Following the Supreme Court’s decision to dismiss Rowe v. Wade, 20 U.S. states have either already banned abortion or are likely to do so soon, the Washington Post reports.
For residents of that state seeking abortion, their options are limited. Traveling to another state for an abortion is legal, but the cost of doing so – which may include the cost of caring for a child or missing work – means that it is not possible for many pregnant people.
In response, some employers in that state are taking steps to cover costs. Companies such as Disney, Comcast, Nike, PayPal and Netflix have issued statements promising to cover staff travel costs for abortions in other states. Other companies like Salesforce and Google have said they will allow employees to move to other states if they choose.
The future of abortion regulations is so uncertain, are these corporations taking legal risks by formulating such a policy?
Experts in the Northeast say that despite the ever-changing legal field, companies are taking this step for a variety of reasons, ranging from economic, social, ethical.
Republican lawmakers have threatened to respond to corporations that have offered to pay employees for travel expenses for abortions. But can a company like Disney really be accused of aiding and abetting illegal activity in order to provide this benefit?
This is unlikely, says Wendy Permet, a law professor at Matthews Distinguished University and co-director of the Northeastern Center for Health Policy and Law. “It will only be possible if it is illegal to travel outside the state for an abortion,” she says.
Although we do not know what the future holds, Permit notes that Supreme Court Justice Brett Kavanagh wrote in his unanimous opinion that states cannot bar residents from traveling to another state, and Attorney General Merrick Garland said in a statement that the Department of Justice will protect the right to travel within the state. .
However, this situation may change. “For the moment, this is probably a safe move,” Parmet said, offering the facility to companies. “But in this legal landscape, nothing is certain.”
So why are companies taking risks?
Jamie Laz, an associate professor in the Management and Organizational Development Group at the D’Amour-McKim School of Business, says job market conditions are certainly a factor.
In the United States, “employees are now an almost scarce asset,” he said. Job opportunities are at an all-time high, according to the NPR report, and millions of workers have left their jobs in the last few years as part of the great resignation.

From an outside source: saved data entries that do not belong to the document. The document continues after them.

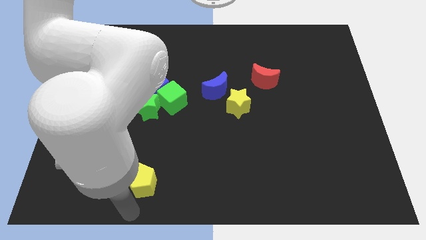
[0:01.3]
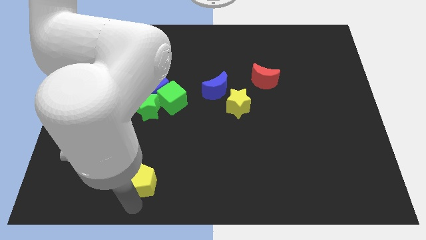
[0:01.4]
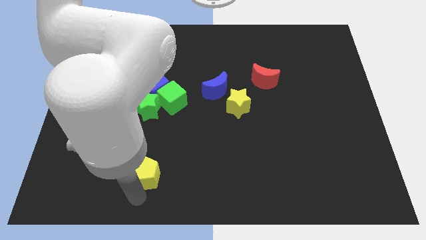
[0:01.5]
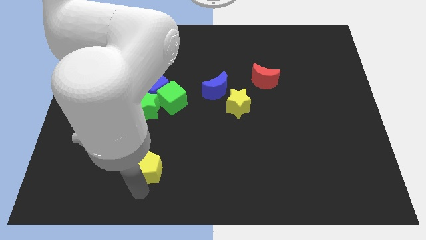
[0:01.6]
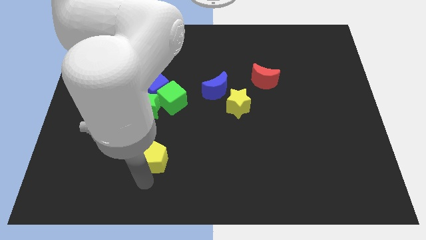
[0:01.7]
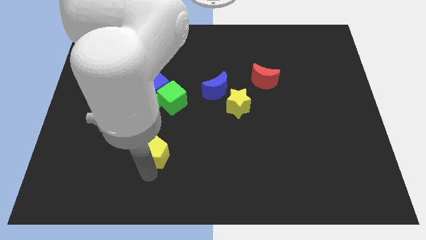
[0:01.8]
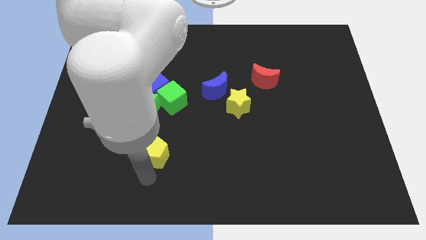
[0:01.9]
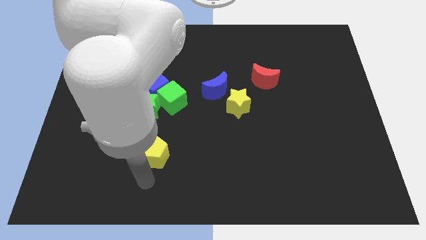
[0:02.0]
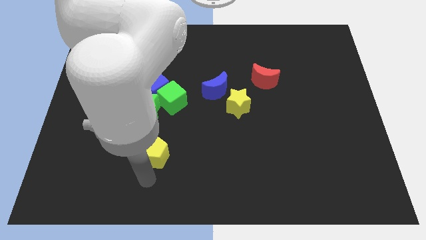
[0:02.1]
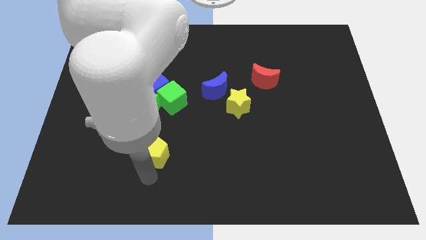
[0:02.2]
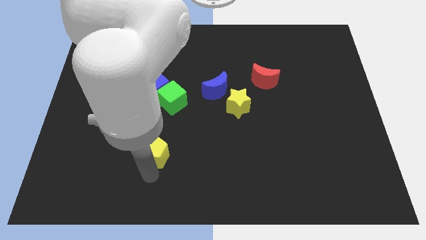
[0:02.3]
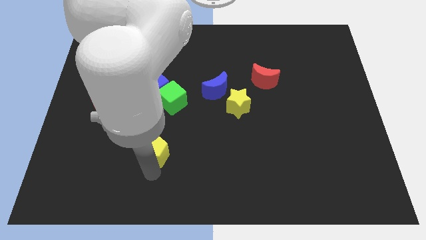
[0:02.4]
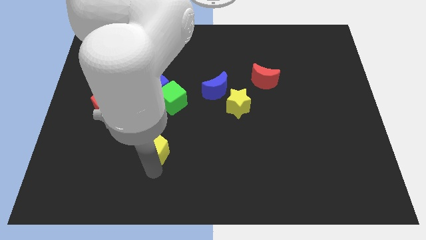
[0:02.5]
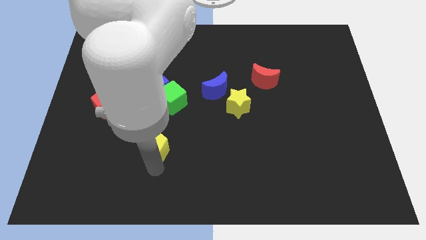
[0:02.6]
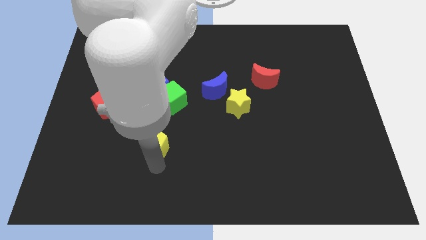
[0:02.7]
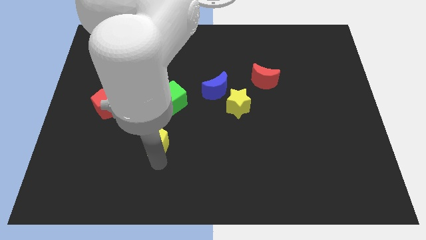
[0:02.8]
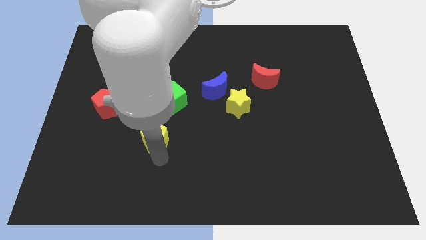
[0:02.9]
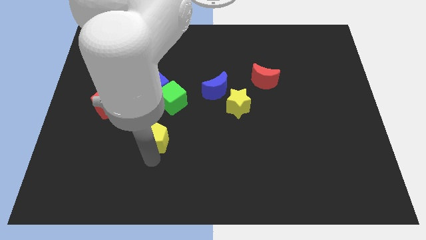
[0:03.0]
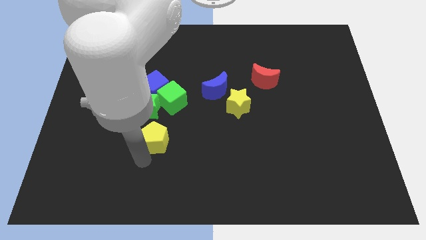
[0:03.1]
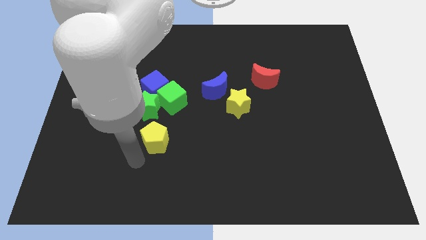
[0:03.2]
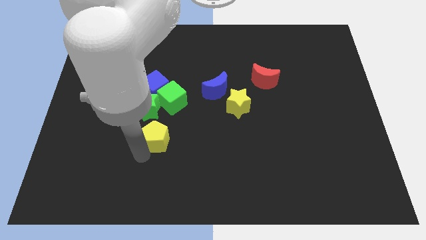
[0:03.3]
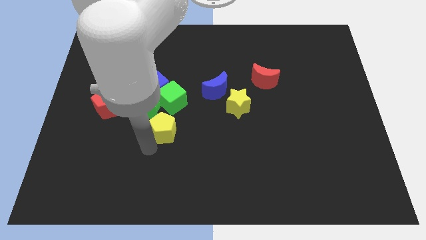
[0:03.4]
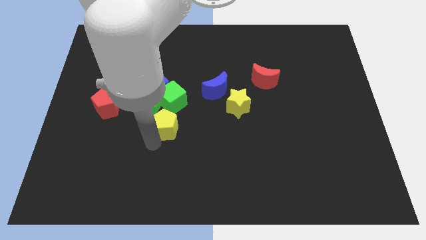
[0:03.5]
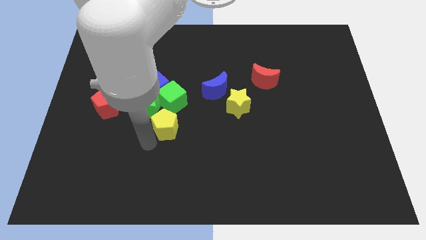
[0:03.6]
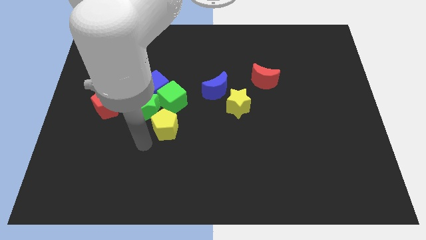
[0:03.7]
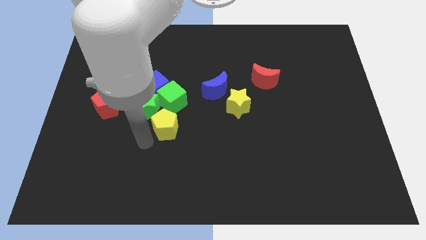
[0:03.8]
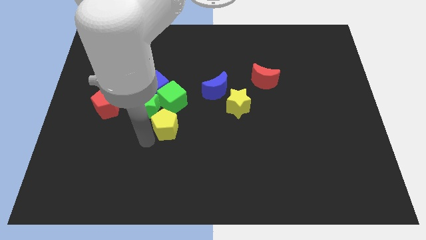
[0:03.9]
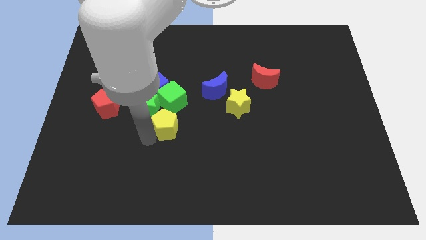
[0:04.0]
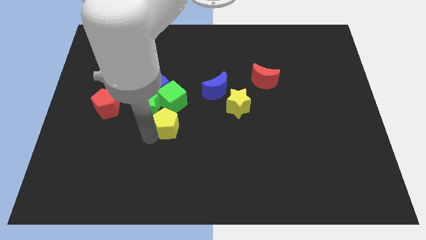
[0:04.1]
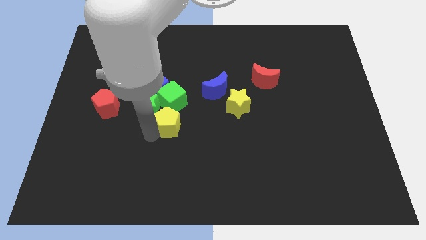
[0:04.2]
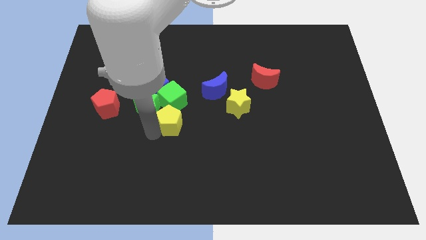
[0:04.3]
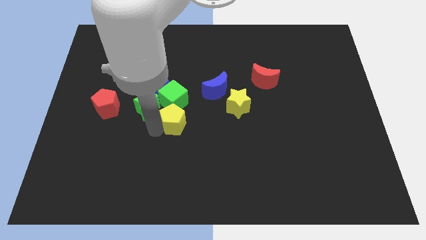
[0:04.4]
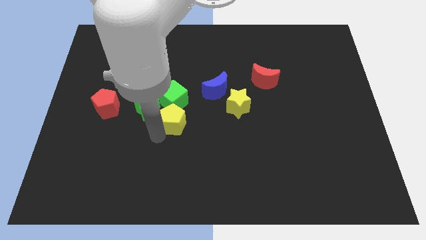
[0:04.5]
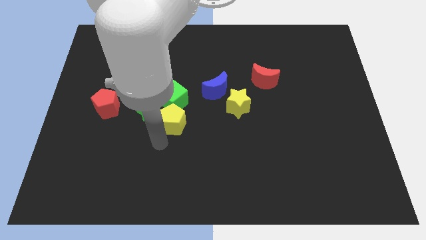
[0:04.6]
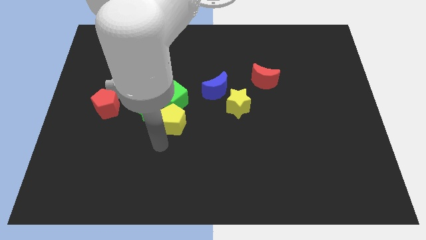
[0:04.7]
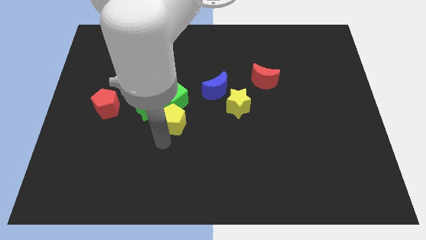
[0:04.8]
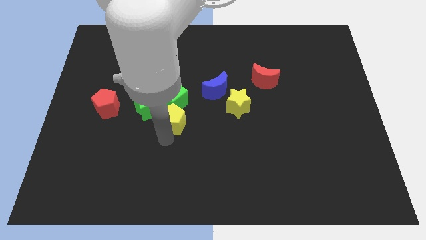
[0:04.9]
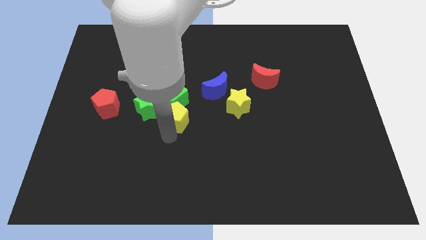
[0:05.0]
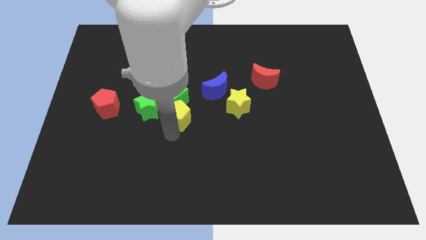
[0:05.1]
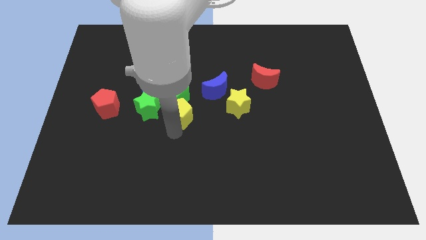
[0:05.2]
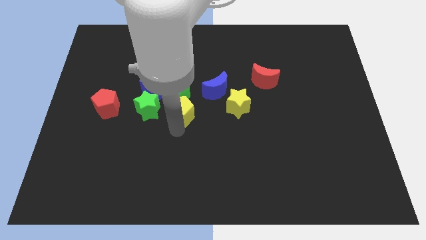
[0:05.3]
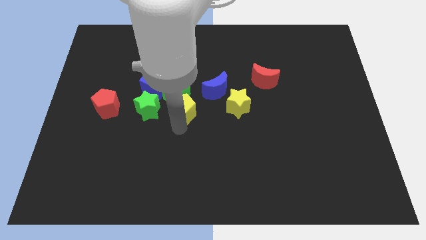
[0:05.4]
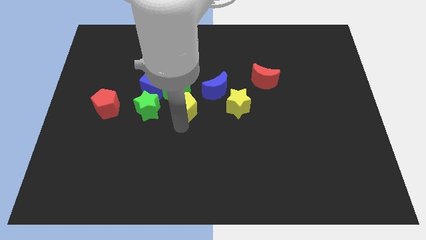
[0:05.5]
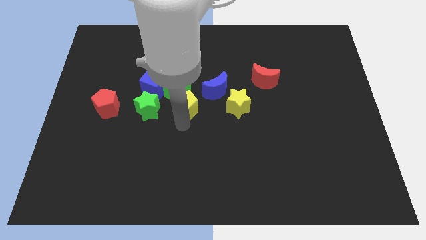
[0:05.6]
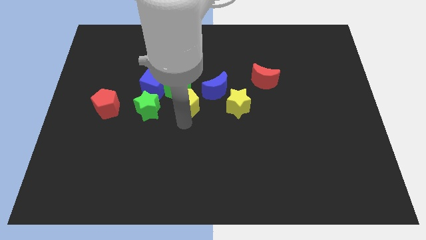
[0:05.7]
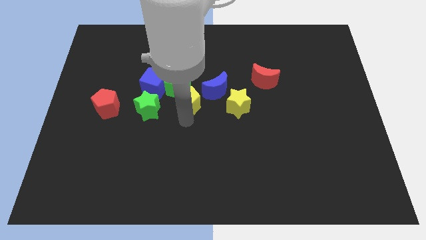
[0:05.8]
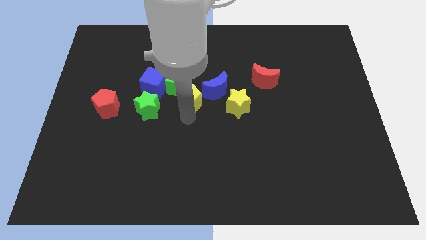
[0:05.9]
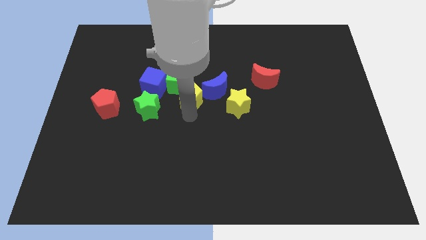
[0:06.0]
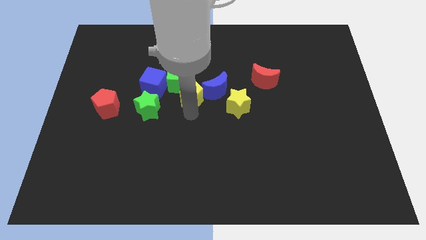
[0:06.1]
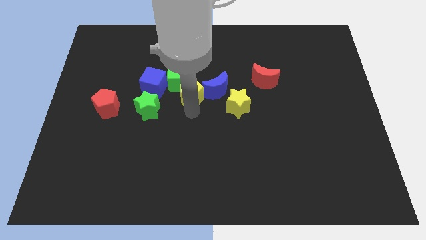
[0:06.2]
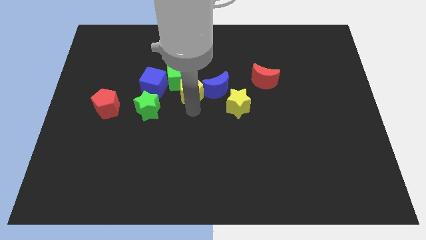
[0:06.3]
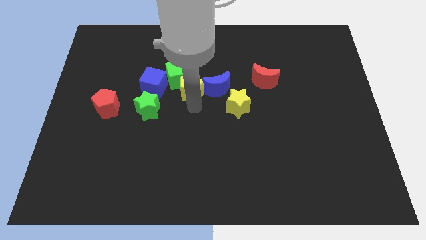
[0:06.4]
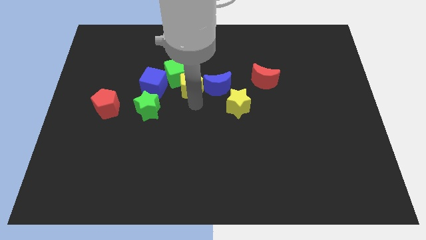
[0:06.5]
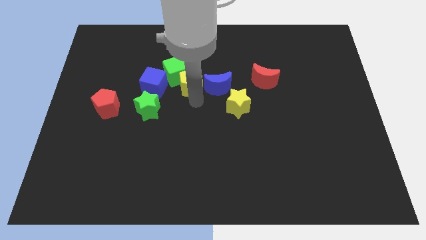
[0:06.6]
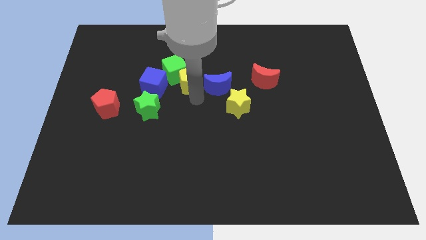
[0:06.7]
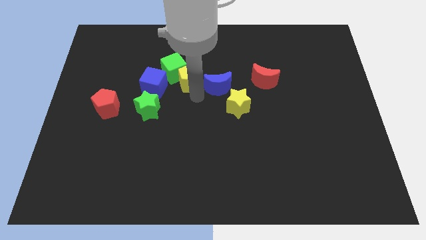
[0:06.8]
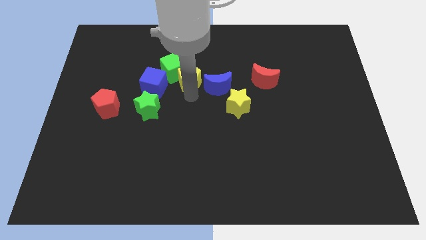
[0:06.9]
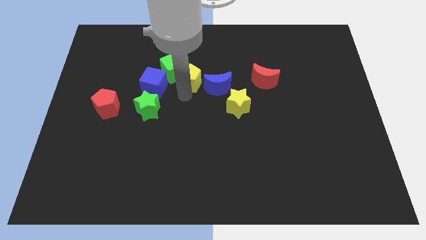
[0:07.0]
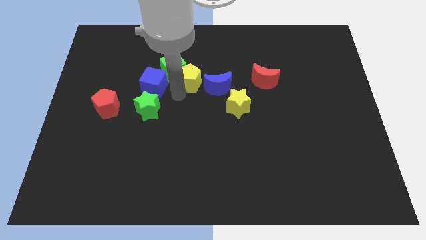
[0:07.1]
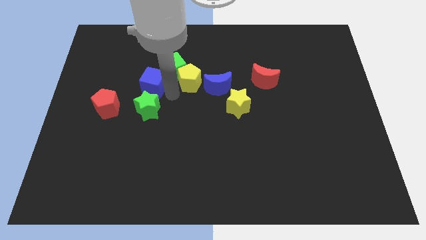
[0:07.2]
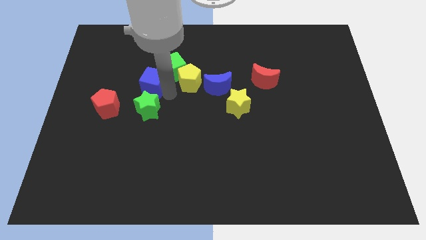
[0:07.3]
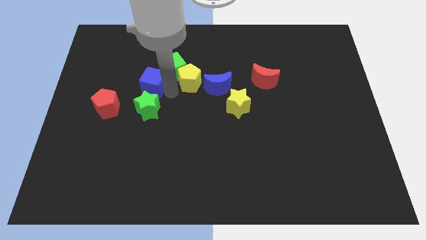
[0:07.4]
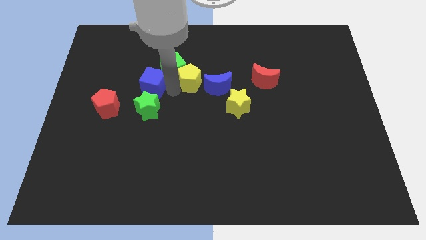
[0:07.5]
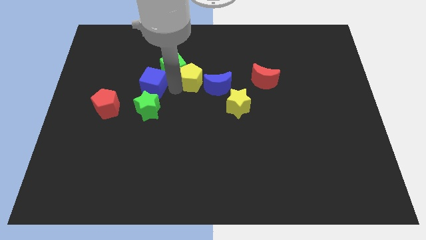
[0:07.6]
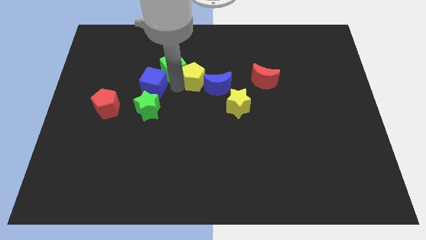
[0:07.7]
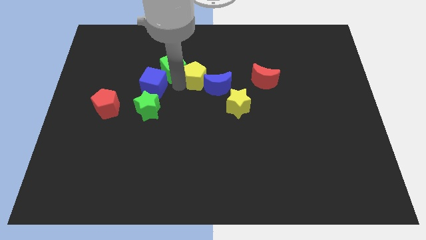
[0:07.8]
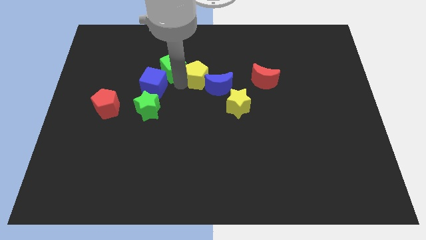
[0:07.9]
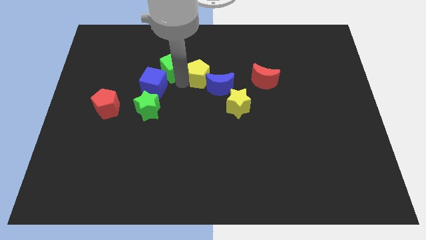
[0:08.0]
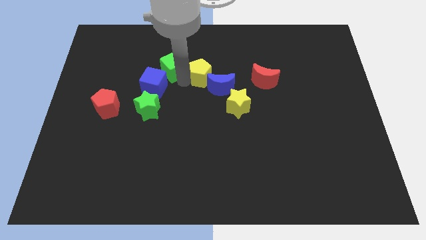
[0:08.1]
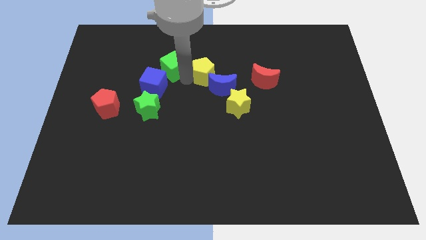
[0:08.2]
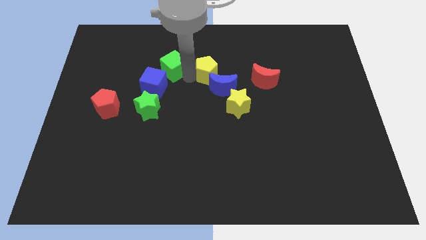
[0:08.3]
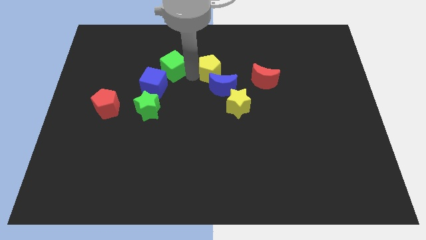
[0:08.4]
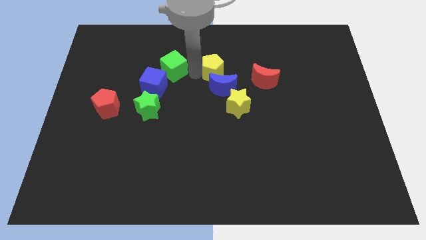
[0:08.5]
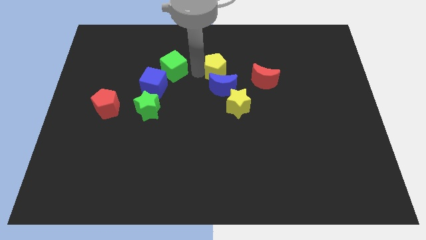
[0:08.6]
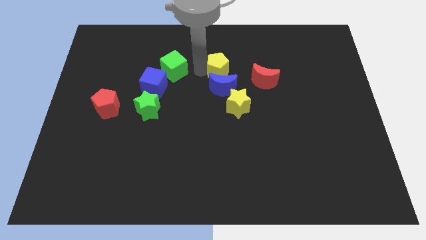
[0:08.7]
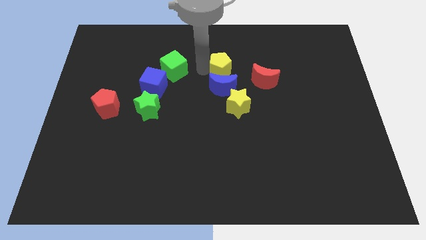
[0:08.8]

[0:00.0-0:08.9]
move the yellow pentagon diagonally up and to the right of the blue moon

In response, employers are trying to reverse the trend – after all, losing an employee and training a new one is more expensive than paying for travel expenses, Laz said.
Laz said it leaves companies with very few choices, but to provide benefits that will prevent employees from leaving. “It’s not that they don’t want to do it regardless,” he says. “There are some organizations out there that are doing this out of sincerity of heart, but it’s hard to separate it from the idea that retention is a big problem now and that power has shifted to employees in recent months.”
Interestingly, Ledge says employees don’t even need to use the facility to tempt them to stay in the company; It may be enough to know simply what the company thinks of them. At the start of the epidemic, he said, people were more likely to stay in companies that offered benefits such as paid COVID-19 vaccine leave, even if they didn’t use them.
“There is a lot of research that suggests that there are benefits to any employee who supports the employee [or their family] Increases retention capacity, increases productivity and much more, ”Laz said.
The rise of social media and online activism probably played a role in the choice to provide such benefits, Laz said. In recent years, employees and consumers have held companies accountable on social media and in the workplace, which has prompted companies to change. And when a company receives such attention, other large corporations may feel pressured to follow suit.
Laz believes that there is also a moral element to the decision. The corporate activism we’ve seen in recent years, for example, the involvement of diversified enterprises in the aftermath of George Floyd’s police-murder, could happen because companies are really concerned about their employees and the problems at hand, Laz said. Wider diversity at the top, more women and people of color holding executive positions can also be a factor.
Whatever the reason, this benefit can ease the burden on some women across the country who want an abortion in a state that considers it a crime. But it obviously doesn’t apply to everyone. Disney has several thousand employees, but their policy does not help women who work in small businesses that, Laz says, may not be able to afford. This creates inequality in access.
“If it’s not federally mandatory, there’s no leveling of the playground,” Laz said.
There may also be privacy issues with actually using the facility, although Ledge isn’t too concerned about this. Instead, he compares it to IVF or any other method where corporate policy protects employee privacy.
Even if employees need to disclose why they are leaving the state, Laz said having such a policy could indicate that managers will be sympathetic anyway. This is an ideal feature for any boss, he says.
“We spend most of our lives in our companies,” he says “We need to learn how to show empathy.”